Without panting for the oxygen of
publicity and issuing a notice against Harper for violation of
Presidential Decree 953, Davis should have sought the advice of a
good lawyer who were a certain would have informed her that it was
the contractor given the job of cutting down the 17 trees permitted
by virtue of a DENR permit is the guy who should be held culpable
for so brutally—and stupidly—deviating from his strict brief.
At least Mayor Alfredo Lim of
Manila, a lawyer, read the legal ramifications of the environmental
chain saw massacre correctly and cleared Harper, ordering City
Hall’s legal department to charge the contractor, Fernando Simborio
of the Batangas based Green Philippine Nursery Plant, with five
counts of violation of PD 953.
Incidentally, stricken by a
serious case of verbal diarrhea, Davis pontificated: “Those trees
were mute witnesses to momentous events in the Walled City.”
Anyone one who has been following
the sorry goings-on at the IA in the past decade or so can attest,
the only thing that the mowed down trees have been “mute
witnesses” to was the graft and corruption that prospered at the
IA before the upright Harper was appointed earlier this year to
clean up the mess by President Gloria Macapagal Arroyo.
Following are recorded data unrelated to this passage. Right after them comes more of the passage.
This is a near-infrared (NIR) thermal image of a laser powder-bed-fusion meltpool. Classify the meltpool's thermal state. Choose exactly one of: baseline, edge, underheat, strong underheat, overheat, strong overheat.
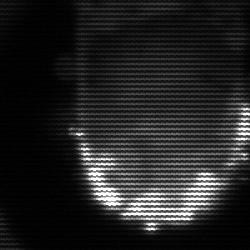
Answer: baseline
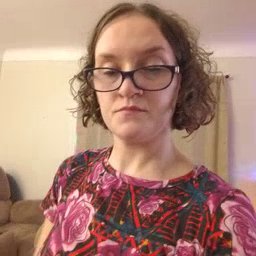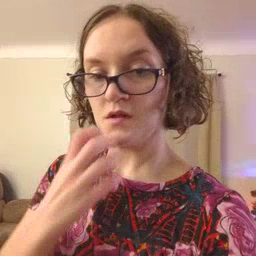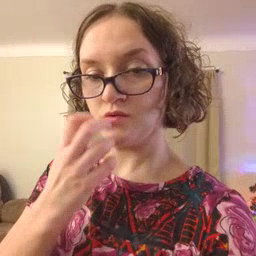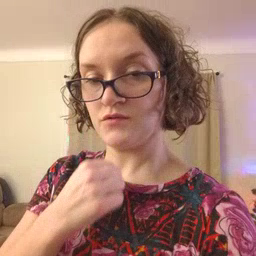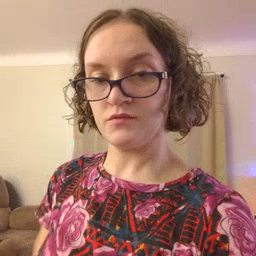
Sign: underwear
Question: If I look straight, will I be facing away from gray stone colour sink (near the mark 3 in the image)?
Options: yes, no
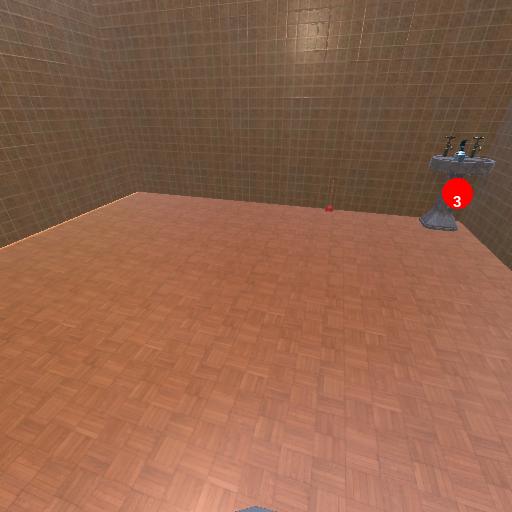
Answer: yes
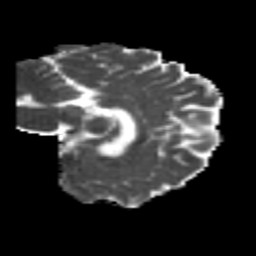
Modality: MD
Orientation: sagittal
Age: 26
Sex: female
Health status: healthy
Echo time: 0.074 s
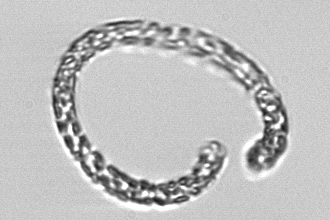
Label: Guinardia_striata
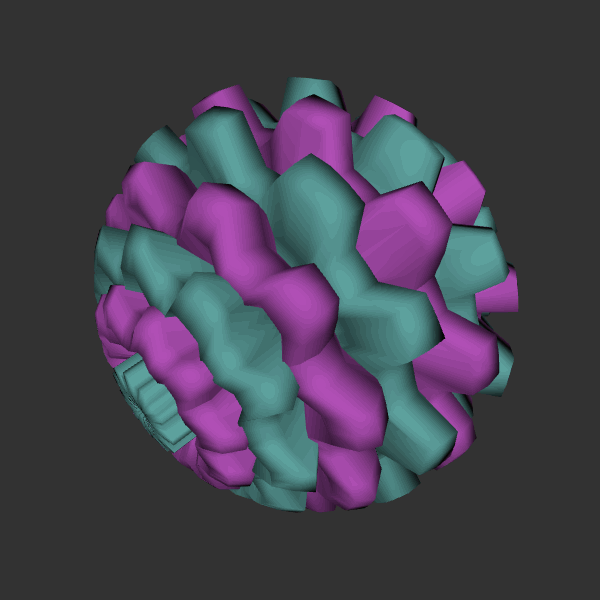
Background: dark
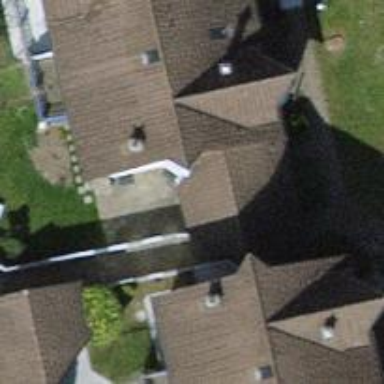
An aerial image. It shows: Semidetached house.
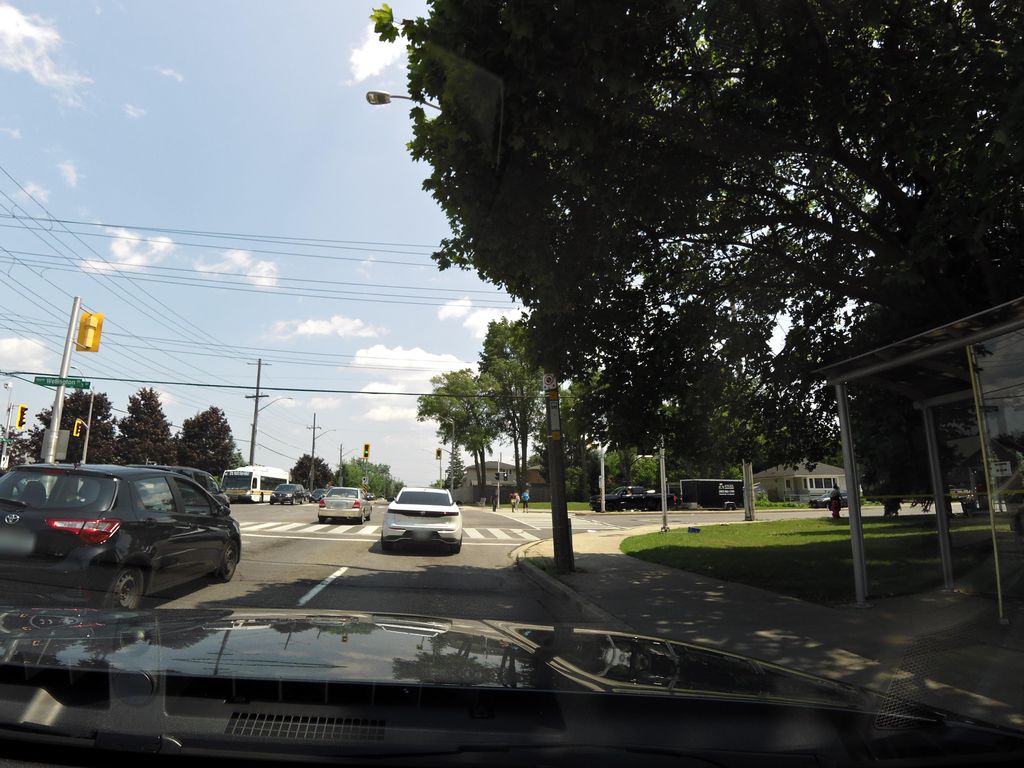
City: hamilton
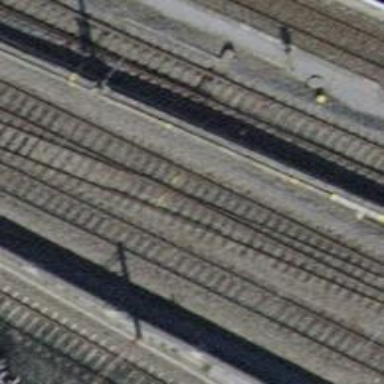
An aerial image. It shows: Electrified rail siding with contact line.
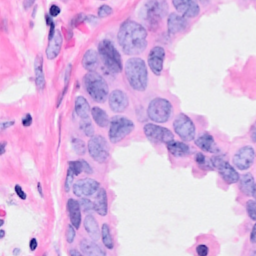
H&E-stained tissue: Breast
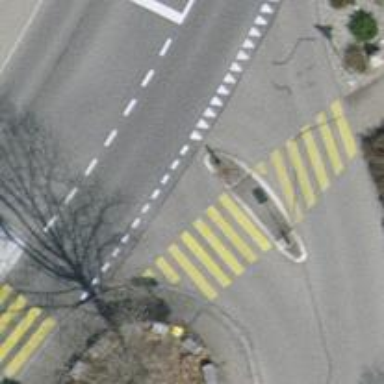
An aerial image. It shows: Kerb barrier.
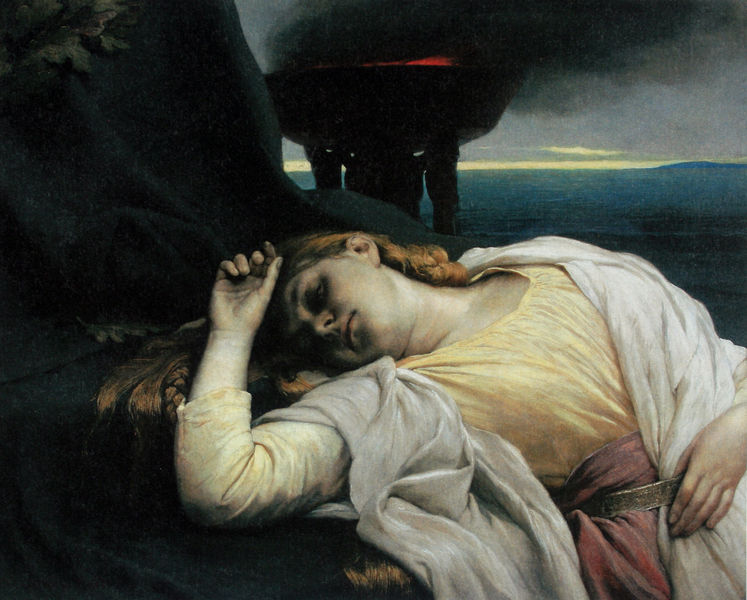
Titel: Isolde
Künstler: Gabriel von Max
Standort: München
Institution: Privatbesitz, Courtesy Galerie Konrad Bayer
Schlagwörter: berg, blätter, dunkel, felsen, feuer, gemälde, hand, himmel, meer, schlaf, wasser, weiß, gelb, landschaft, mädchen, frau, kleid, licht, männer, schwarz, ölbild, gürtel, rot, tuch, wolke, symbolismus, blond, bluse, lang, schale, tot, öl, horizont, qualm, rauch, insel, gewand, haare, mantel, blatt, tal, küste, strand, schlafen, schlafend, düster, fels, figuren, brand, detail, faltenwurf, liegend, brennen, traum, bedrohlich, mythologie, opfer, ohnmacht, fackel, brennend, signal, gestrandet, schiffsbruch, gemädle, feuerschale, raffaeliten, herr der ringe
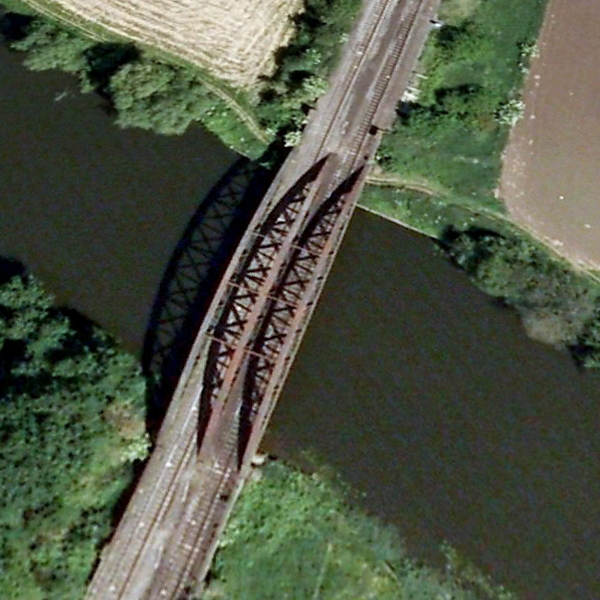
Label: Bridge

And we didn’t hear any verbal
thundering from Davis when DENR Secretary Lito Atienza, in his
previous role as Mayor of Manila, ordered (despite an uproar by the
caring environmental community) well over two hundred trees to be
chopped down at the two historic sites of Mehan Garden and Arroceros
Forest Park. And ironically, Harper’s voice was one of the loudest
to rail against Atienza at that time.
Hey Ms. Davis, now those trees
really were “mute witnesses” to unfolding history over a century
or two.
As for Davis huffing and puffing
about sending Harper to jail, we can inform her that in the past few
days the always elegantly attired Harper has consulted with her
personal couturier Ben Farralles and commissioned him to design
several suitable prison outfits for her.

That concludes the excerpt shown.